Median and interquartile range (IQR) were used for descriptive data. For comparison of FC levels between groups, the Mann–Whitney U test was used. Fisher’s exact test was used for contingency tables. Spearman’s correlation coefficient was used for correlation analyses. FC values <30 μg/g were approximated to 20 μg/g in all analyses. Because of the interdependence between different questionnaire-based variables analysed in this study, we chose not to use the Bonferroni correction. A two-sided p value of 0.05 was considered significant. All analyses were carried out using IBM SPSS Statistics version 20 software (IBM, Armonk, NY, USA).
This study was approved by the Regional Ethics Committee, Lund, Sweden (reference number 2011/596). All subjects gave written informed consent according to the Declaration of Helsinki.
Increased frequency of pathological FC testing in pSS
Patients with pSS had significantly higher levels of FC than healthy control subjects (median 54 μg/g [IQR 20–128] vs. 20 μg/g [20–43], p = 0.002) (Fig. 1). Among the patients with pSS, 52 % (29 of 56) had pathological FC levels (>50 μg/g) and 21 % (12 of 56) had substantial FC elevation (>150 μg/g). Corresponding numbers among healthy control subjects were 20 % and 0 %, respectively.
Organic gastrointestinal disease is common in patients with pSS and pathological FC levels
Of the 56 patients with pSS, 14 had a concomitant organic GI disease, including 1 patient with extensive lymphoma affecting the GI tract (Table 2). Patients with organic GI disease had significantly higher FC levels than the other patients (274 μg/g [61–363] vs. 34 μg/g [20–76], p < 0.001), and 75 % of patients (9 of 12) with FC >150 μg/g had organic GI disease. The corresponding percentage for patients with FC levels between 50 and 150 μg/g was 18 % (3 of 17), and for patients with FC within normal range it was 7 % (2 of 27) (Fig. 1). Excluding patients with organic GI disease, patients with pSS still had slightly higher levels of FC than healthy control subjects (34 μg/g [20–76] vs. 20 μg/g [20–43], p = 0.036). Of note, one patient not categorized as having organic GI disease but with elevated FC (120 μg/g) was diagnosed with mucosa-associated lymphoid tissue lymphoma in the ventricle 18 months after FC testing.
FC and other clinical markers of disease
Patients with organic GI disease had higher ESSDAI scores than other patients (10 [4–12] vs. 6 [1–9], p = 0.121). In the whole group, FC correlated with ESSDAI (r s = 0.32, p = 0.015). When patients with organic GI disease were excluded, the correlation between FC and ESSDAI became non-significant (r s = 0.28, p = 0.074).
Further analyses failed to show any difference in FC levels between users and non-users of NSAIDs (38 vs. 62 μg/g, p = 0.168) and PPIs (63 vs. 34 μg/g, p = 0.135). In contrast, FC correlated with biochemical markers of systemic disease, such as CRP (r s = 0.37, p = 0.006) and ESR (r s = 0.34, p = 0.012), but not with immunoglobulin G or complement components 3 and 4 (r s = −0.12, p = 0.363; r s = 0.24, p = 0.070; and r s = −0.07, p = 0.606, respectively).

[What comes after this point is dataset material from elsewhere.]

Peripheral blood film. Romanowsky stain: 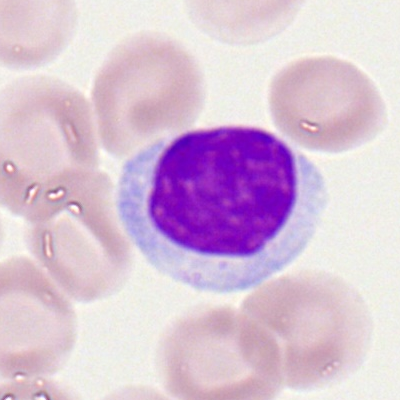

Morphology — typical lymphocyte.

FC elevation is independent of patient-reported bowel discomfort in pSS
GI symptoms were evaluated with the VAS-IBS and the Rome III questionnaire, and questionnaire data were available for 21 control subjects and 53 patients with pSS. Bowel discomfort of all kinds was common in pSS (Tables 3 and 4). Of note, 37 of 51 patients without IBD had a symptomatology indicative of a functional GI disorder. Results from both questionnaires indicated a substantial heterogeneity encompassing a plethora of GI symptoms in the pSS group. We did not see any relationship between FC levels and patient-reported GI symptoms (Tables 3 and 4). Furthermore, we were unable to identify any association between questionnaire data and organic GI disease (see Additional file 1). In contrast, average results from the VAS-IBS correlated with ESSPRI (r s = −0.56, p < 0.001). Patients with IBS had more pain, as evaluated by the ESSPRI-Pain sub-scale score, than patients with pSS without IBS (8 vs. 5, p = 0.013). Four patients in the study had a clinical diagnosis of fibromyalgia. All of these patients had a concomitant functional GI disorder.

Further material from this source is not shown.